Dublin were masteros of it and as soon as you laid a ball off and went for the return, you were nailed. Moreover, referees were doing nothing. Just a few years later, the players are protected to the extreme.

There had been rumours on and off in 2011 about Marty Clarke heading back to the AFL. I think perhaps his head was already in Australia and while he wouldn’t confirm or deny the stories, you knew that his mind wasn’t on Down.

What Marty offered was a guarantee of four or five points a game from placed balls. Our Achilles heel before he came on the scene was the lack of a free-taker. One of the main things I learned in my time playing was how crucial the presence of a reliable free-taker is to a team.

For Down to beat Armagh next summer, they need to get all of their best players onto the field. Marty Clarke should be one of these players. Contrary to what some people think, Marty will never be the player he was a few years ago.

That said, he could still offer experience and a bit of calmness on the ball, particular given the way the game is now played. Modern football suits this ‘quarter-back’ role, something I think Clarke would relish.

When you have a reputation as a top player, you need to put your neck on the line, no matter how difficult it is week-in, week-out. You can cement your status in the game simply by successfully adapting the way you play as your career progresses.

Take, for example, how Colm Cooper and Sean Cavanagh have evolved as players in recent years. Despite having battled back from major injuries, they have been able to perform well at the highest level.

It is a testament to their physical and more importantly mental, toughness that they have overcome such adversity. Cooper and Cavanagh have been blessed with managers who recognised that they were changing as players and have expected variations in terms of their influence on a game.

Danny Hughes is away back to watch Back to the Future  
Danny Hughes is away back to watch Back to the Future   Danny Hughes is away back to watch Back to the Future  

As a manager, you have to accommodate your best players whatever way you can. Which brings us to the question of what age an inter-county player should quit football nowadays.

Is it when he stops enjoying it? When he stops making the team regularly? When the manager decides to drop him from the squad? Truthfully, it is never a good time for any player when he steps away from inter-county football.

At this time of the year, a significant number will be considering it. A good manager will be able to hold onto his experienced men. He will be able to convince them that they may not play every week, or from every minute of every match, but he will tell them that their influence on the panel is such that they need to go on for another year.

Keeping on old head fully on board will require strong lines of communication between player and manager, and also the medical team. The numbers in the over-30 club at county level seem to diminish by the year, and things are starting to follow suit at club level.

Is it because the 30-year-old is becoming less relevant or influential? I regret not being able to get more out of myself as I reached my 30s, and also wish managers had tried harder with me as well.

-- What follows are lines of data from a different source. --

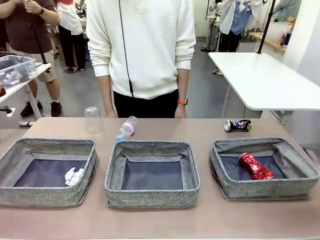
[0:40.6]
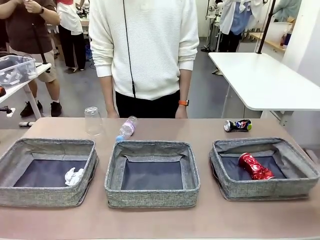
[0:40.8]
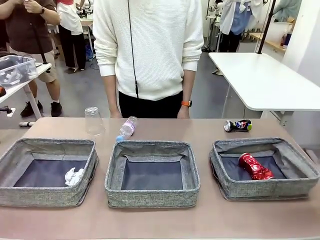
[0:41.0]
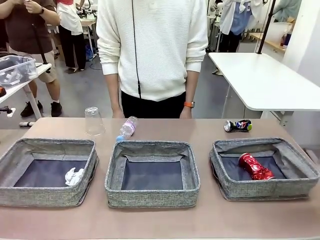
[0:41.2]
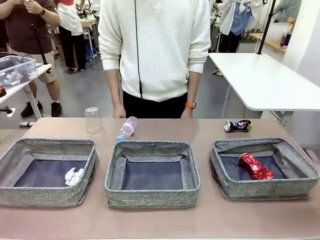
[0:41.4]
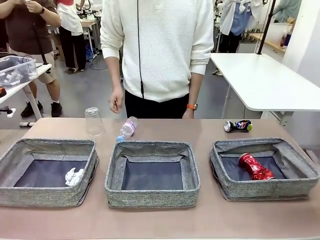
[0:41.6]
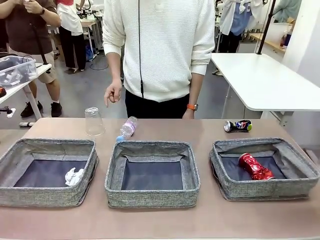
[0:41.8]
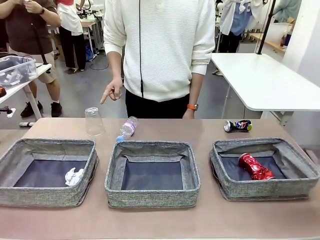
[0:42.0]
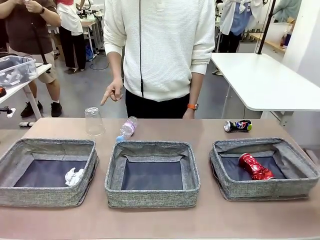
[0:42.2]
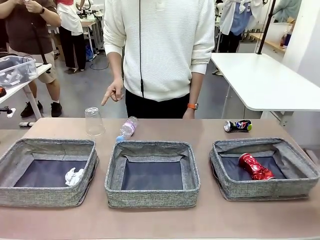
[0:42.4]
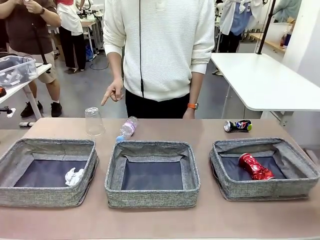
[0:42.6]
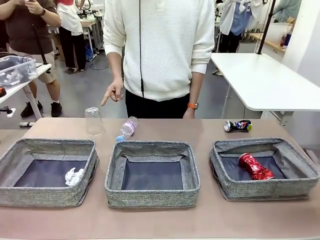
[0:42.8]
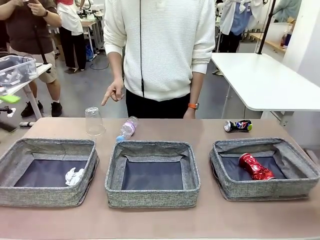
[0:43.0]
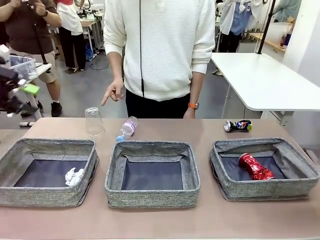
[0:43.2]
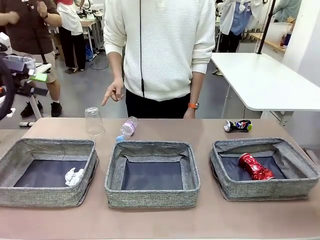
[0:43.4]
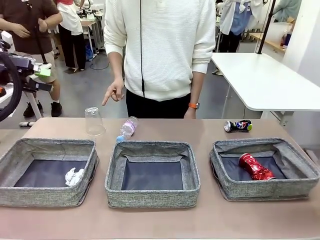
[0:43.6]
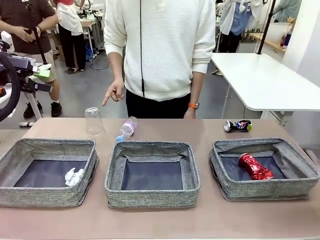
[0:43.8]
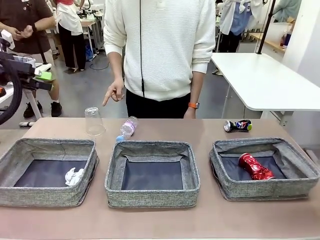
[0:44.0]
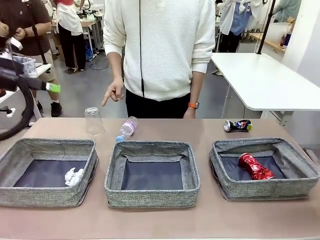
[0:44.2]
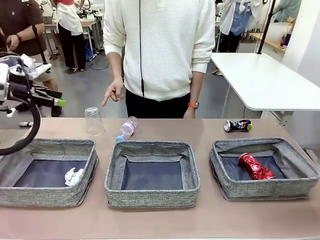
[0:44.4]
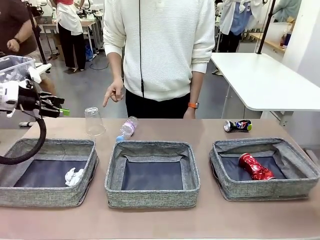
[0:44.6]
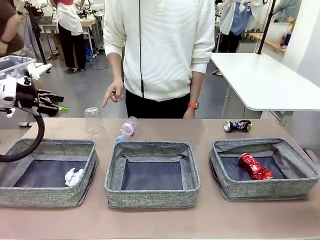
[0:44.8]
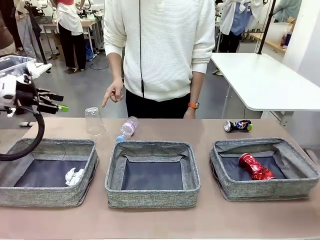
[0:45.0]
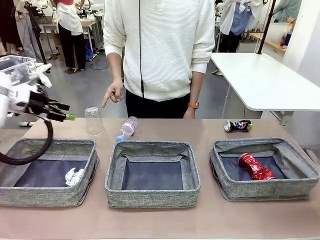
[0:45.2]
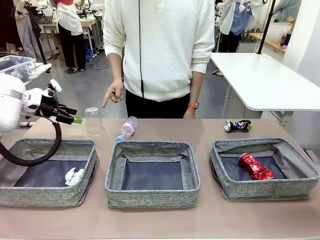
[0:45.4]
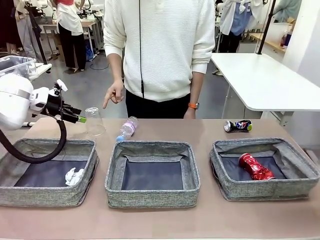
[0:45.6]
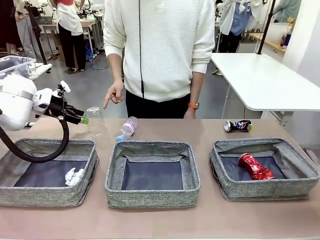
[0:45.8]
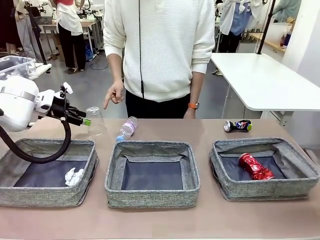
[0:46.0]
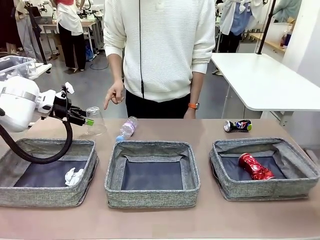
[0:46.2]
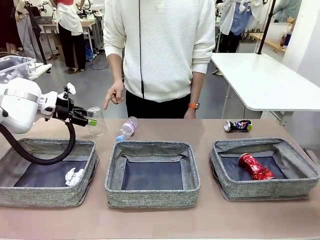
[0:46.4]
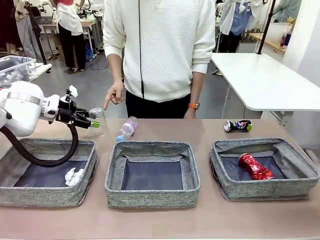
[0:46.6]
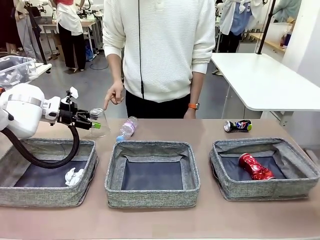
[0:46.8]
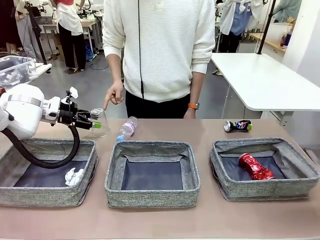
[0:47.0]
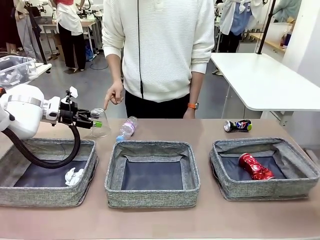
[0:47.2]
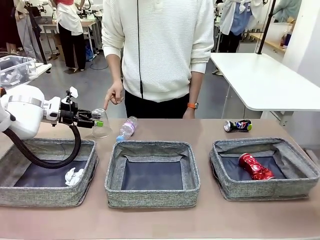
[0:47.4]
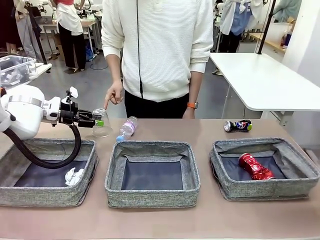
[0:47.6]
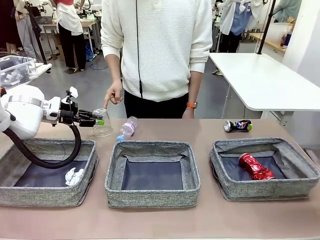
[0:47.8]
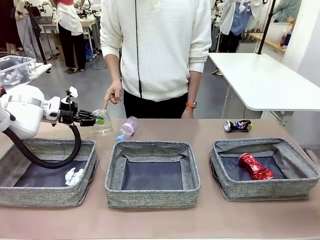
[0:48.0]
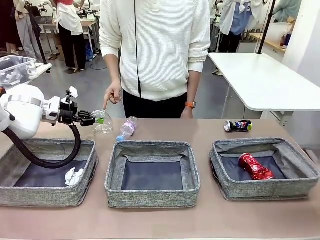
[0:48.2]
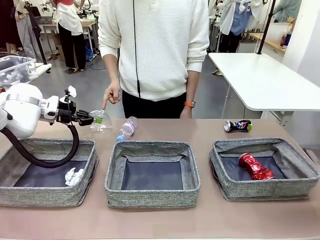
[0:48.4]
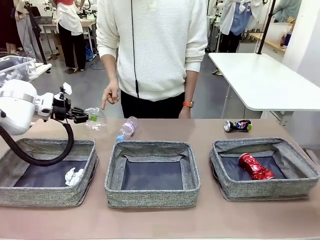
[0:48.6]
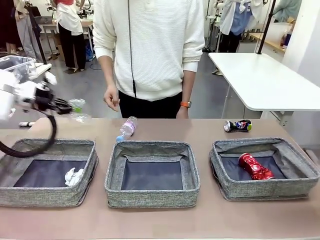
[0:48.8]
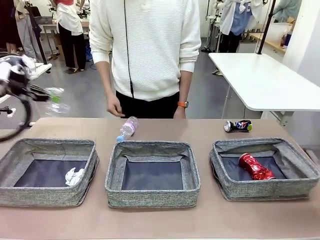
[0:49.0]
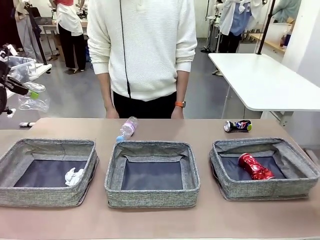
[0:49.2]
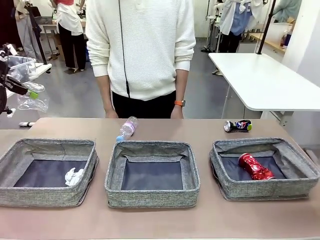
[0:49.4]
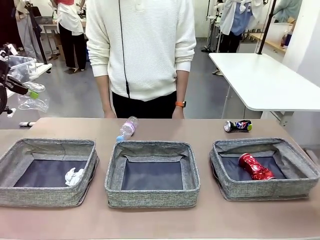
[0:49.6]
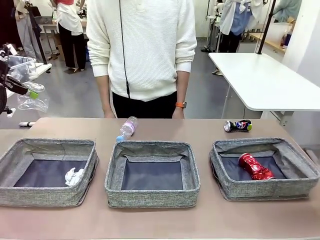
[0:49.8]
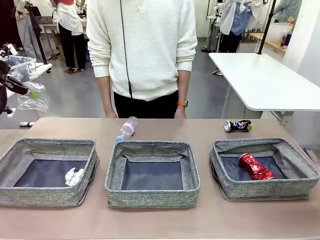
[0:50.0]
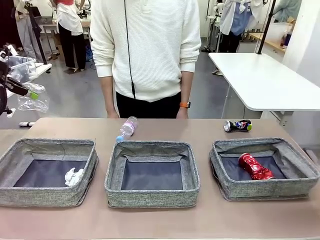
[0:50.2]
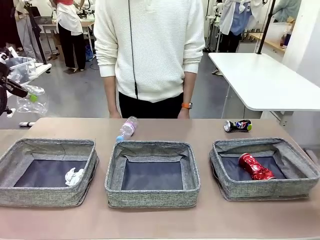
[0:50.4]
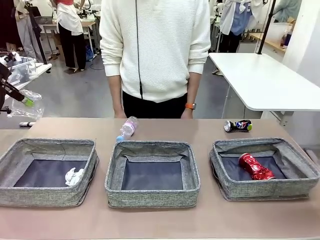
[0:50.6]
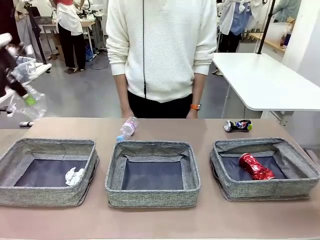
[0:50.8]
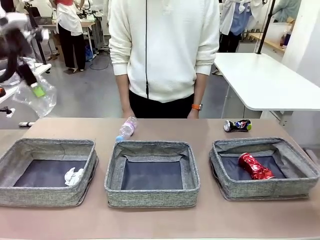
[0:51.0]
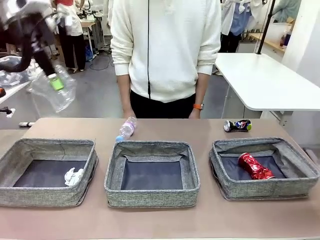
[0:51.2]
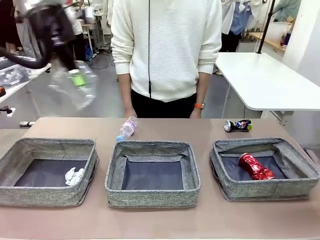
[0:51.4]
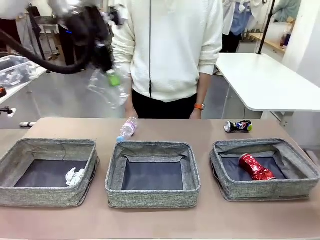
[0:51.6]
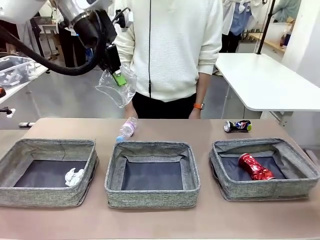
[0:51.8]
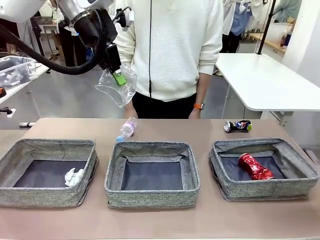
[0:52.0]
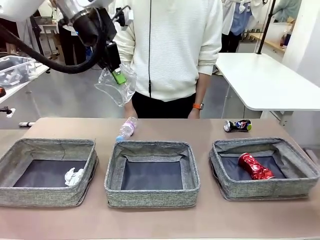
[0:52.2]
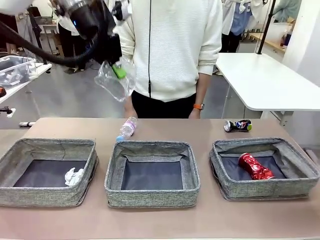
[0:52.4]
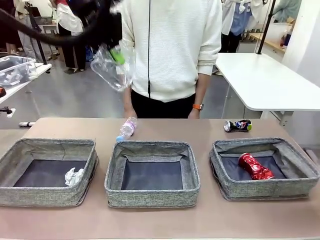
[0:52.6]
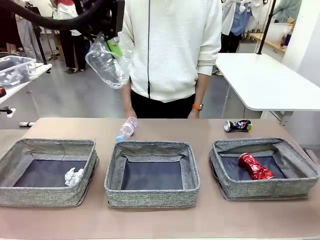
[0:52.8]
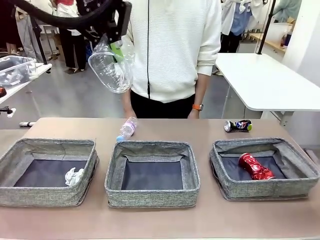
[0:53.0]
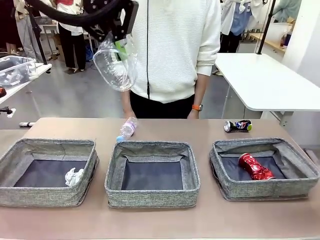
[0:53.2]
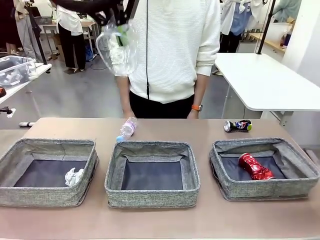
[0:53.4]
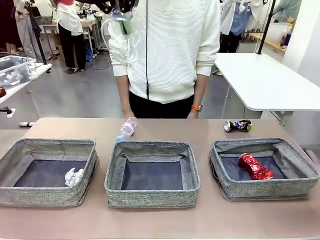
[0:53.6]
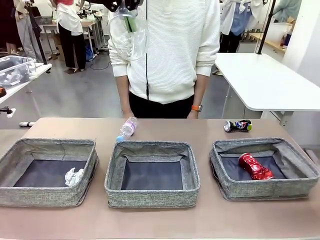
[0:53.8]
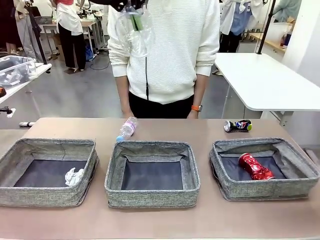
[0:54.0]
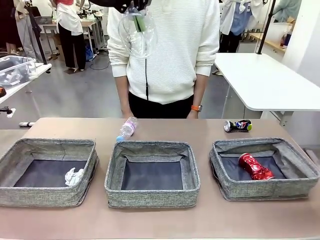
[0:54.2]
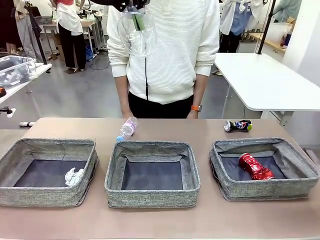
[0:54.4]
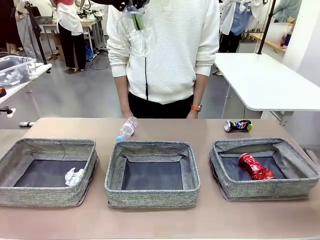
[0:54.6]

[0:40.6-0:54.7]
Task: Sort the waste into the appropriate baskets.
Robot: Pick up the waste item pointed out by the person.
Person: Points to one piece of trash on the table.

Things like foam rolling, yoga and core stability were just creeping into the GAA towards the tail-end of my career, but I can see I might have been able to squeeze another couple of years in at the top level had I had access to them.

I reand an interview with Sean Cavanagh recently, where he pointed out that being involved at inter-county level is all he has known. I would say it’s as much part of him, and players like him, as his arms and legs.

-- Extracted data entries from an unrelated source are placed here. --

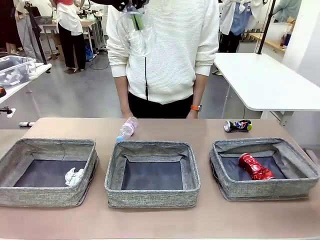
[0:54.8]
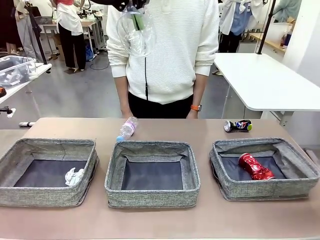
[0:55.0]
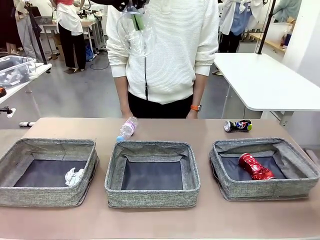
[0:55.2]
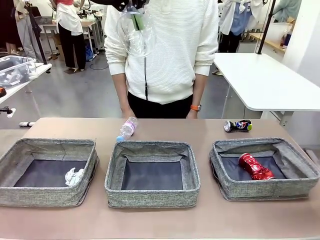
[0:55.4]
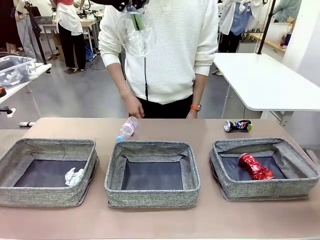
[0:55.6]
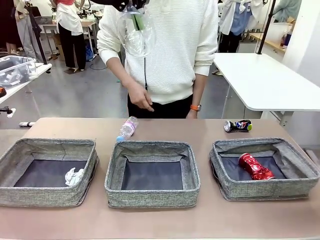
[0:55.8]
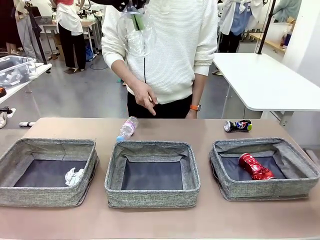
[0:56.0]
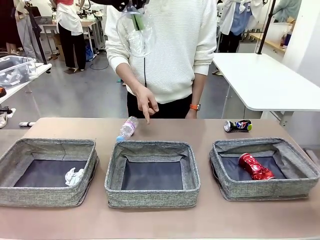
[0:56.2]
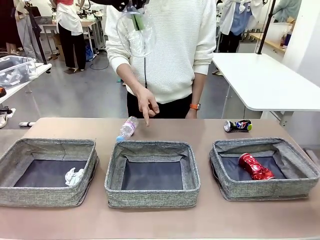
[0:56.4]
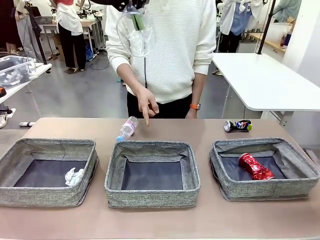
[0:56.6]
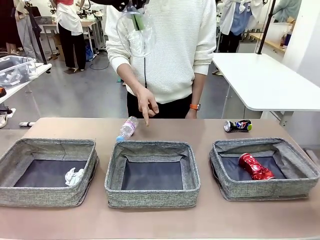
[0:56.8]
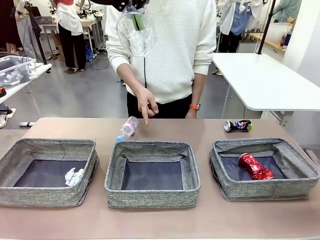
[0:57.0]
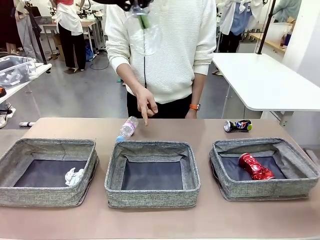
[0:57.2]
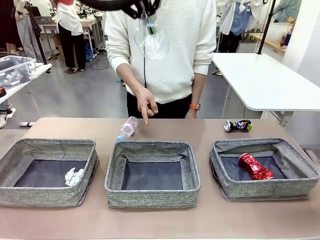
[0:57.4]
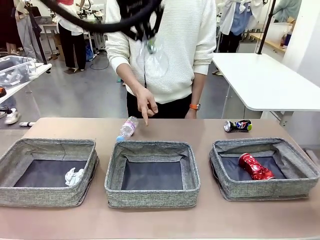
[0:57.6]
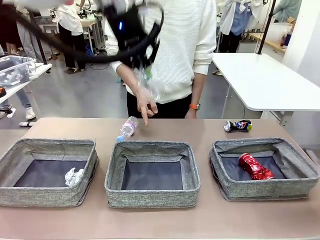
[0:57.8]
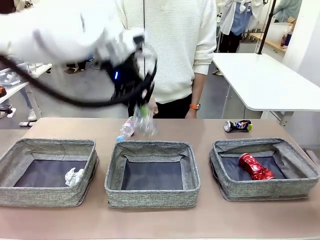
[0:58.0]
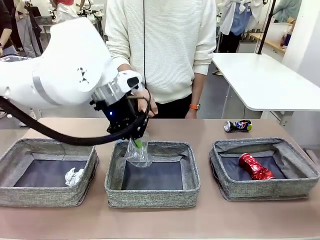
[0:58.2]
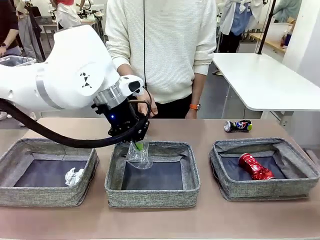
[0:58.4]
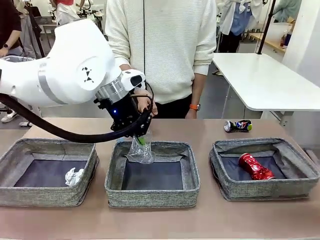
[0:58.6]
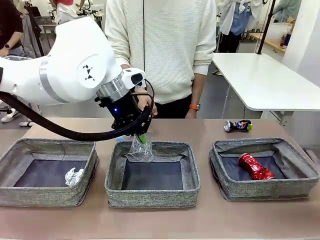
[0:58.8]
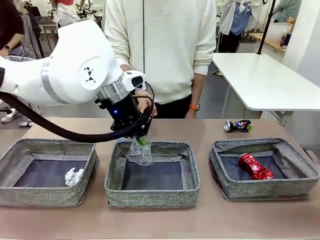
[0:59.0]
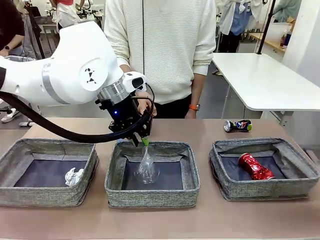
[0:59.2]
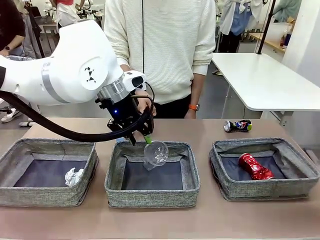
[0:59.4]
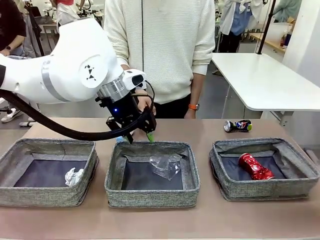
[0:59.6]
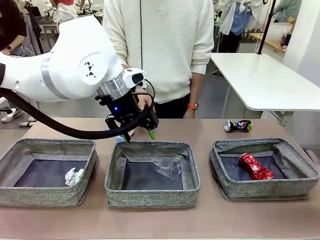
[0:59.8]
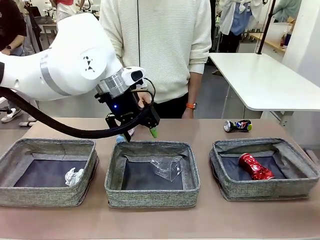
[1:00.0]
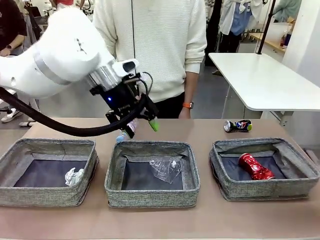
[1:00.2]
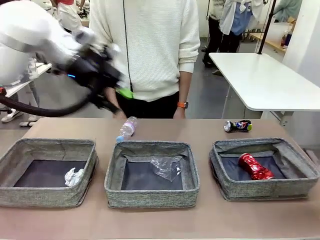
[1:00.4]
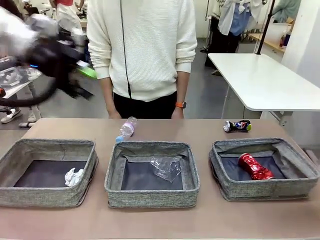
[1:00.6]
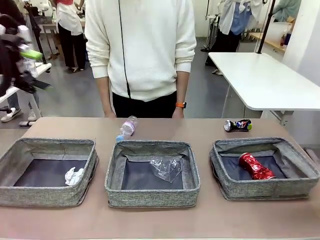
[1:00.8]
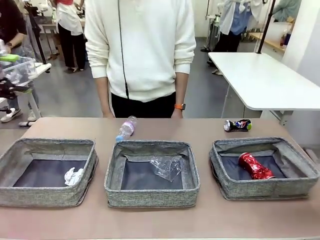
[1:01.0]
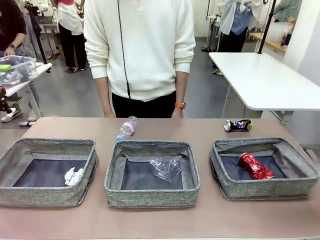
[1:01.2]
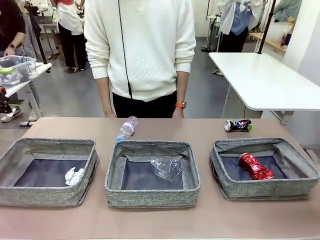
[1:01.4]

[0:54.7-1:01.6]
Robot: Place the picked waste into the Fabric basket indicated by the person.
Person: Instructs the robot to place the picked-up trash into the appropriate organizing basket.

Every year, I look forward to the start of January and the days getting longer and the birds chirping louder. I love the smell of freshly-cut grass in the spring, the sound of a ball being kicked and the roar of a crowd in the stand.

I relish the controversy, the trials and the tribulations. Who will beat the Dubs? Will Down beat Armagh, and can either team make an impact and break Donegal and Tyrone’s stragnlehold on Ulster?

I know where I would love to be. On the field, influencing these matters. If only there was a DeLorean time machine that could reach 88mph. I’m away to watch Back to the Future. Again.